> [AVAILABLE DATA]
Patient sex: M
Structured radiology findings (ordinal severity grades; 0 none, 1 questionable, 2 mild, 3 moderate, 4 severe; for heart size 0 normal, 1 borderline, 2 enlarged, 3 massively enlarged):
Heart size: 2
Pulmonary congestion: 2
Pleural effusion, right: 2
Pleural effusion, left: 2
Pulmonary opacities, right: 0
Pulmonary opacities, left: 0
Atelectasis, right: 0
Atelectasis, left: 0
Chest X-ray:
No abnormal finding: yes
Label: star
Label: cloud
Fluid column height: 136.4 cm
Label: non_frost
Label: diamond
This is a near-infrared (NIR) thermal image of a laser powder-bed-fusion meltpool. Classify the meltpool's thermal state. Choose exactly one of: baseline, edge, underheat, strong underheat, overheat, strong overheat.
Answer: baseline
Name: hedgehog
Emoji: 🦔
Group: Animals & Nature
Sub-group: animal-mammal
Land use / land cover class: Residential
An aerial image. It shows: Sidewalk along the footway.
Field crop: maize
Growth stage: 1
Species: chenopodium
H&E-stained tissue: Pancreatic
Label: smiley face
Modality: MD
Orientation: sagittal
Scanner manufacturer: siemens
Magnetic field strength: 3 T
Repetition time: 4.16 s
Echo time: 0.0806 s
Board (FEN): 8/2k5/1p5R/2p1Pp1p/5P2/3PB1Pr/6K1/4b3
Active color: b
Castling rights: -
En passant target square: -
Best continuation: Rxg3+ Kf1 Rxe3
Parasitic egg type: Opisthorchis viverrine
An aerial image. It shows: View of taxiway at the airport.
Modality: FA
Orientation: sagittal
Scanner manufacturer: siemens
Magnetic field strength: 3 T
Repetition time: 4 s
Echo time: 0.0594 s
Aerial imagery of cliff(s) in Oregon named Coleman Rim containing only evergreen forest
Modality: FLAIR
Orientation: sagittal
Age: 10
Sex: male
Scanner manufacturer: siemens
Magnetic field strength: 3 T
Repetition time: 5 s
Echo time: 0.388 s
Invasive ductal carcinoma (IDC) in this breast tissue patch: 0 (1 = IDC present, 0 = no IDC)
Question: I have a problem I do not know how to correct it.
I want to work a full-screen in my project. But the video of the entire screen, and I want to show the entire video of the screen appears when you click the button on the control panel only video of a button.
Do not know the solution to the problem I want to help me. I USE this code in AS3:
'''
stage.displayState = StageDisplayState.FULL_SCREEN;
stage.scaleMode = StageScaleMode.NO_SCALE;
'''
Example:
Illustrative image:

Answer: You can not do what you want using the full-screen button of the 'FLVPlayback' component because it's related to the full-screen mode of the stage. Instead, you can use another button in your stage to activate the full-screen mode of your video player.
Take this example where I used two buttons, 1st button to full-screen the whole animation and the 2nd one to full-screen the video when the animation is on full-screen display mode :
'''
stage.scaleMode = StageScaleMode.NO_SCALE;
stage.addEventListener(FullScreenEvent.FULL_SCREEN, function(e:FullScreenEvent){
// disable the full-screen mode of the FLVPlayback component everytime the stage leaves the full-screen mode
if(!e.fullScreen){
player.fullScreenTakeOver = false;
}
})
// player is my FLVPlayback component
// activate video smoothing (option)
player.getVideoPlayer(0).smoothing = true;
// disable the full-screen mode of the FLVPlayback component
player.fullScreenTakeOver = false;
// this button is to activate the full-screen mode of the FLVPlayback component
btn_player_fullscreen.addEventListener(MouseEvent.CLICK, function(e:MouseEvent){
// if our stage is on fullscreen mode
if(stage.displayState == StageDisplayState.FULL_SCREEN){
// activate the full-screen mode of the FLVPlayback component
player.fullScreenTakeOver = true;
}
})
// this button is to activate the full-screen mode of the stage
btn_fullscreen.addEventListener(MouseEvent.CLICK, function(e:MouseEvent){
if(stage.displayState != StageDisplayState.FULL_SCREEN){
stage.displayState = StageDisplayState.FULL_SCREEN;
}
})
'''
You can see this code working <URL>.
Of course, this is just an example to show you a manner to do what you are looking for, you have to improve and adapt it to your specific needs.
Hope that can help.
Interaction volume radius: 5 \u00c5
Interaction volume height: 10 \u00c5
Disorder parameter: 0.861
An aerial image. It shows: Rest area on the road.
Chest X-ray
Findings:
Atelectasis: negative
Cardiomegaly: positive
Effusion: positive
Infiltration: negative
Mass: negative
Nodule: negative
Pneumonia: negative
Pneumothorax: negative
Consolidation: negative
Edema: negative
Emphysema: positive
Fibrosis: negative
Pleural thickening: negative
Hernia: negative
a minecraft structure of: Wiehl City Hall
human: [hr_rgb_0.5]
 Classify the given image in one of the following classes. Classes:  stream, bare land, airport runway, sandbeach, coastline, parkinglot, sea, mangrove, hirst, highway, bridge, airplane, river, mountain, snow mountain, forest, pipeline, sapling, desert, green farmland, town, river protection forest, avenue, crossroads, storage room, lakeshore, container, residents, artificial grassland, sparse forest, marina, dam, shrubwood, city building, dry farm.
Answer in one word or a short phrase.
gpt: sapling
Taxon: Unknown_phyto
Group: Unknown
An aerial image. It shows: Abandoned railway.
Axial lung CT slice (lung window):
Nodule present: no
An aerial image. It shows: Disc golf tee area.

> [ASSIGNMENT]
Looking at the records above, how many lines have the word "negative" in them? State the number only.

> [EXERCISE RESULT]
11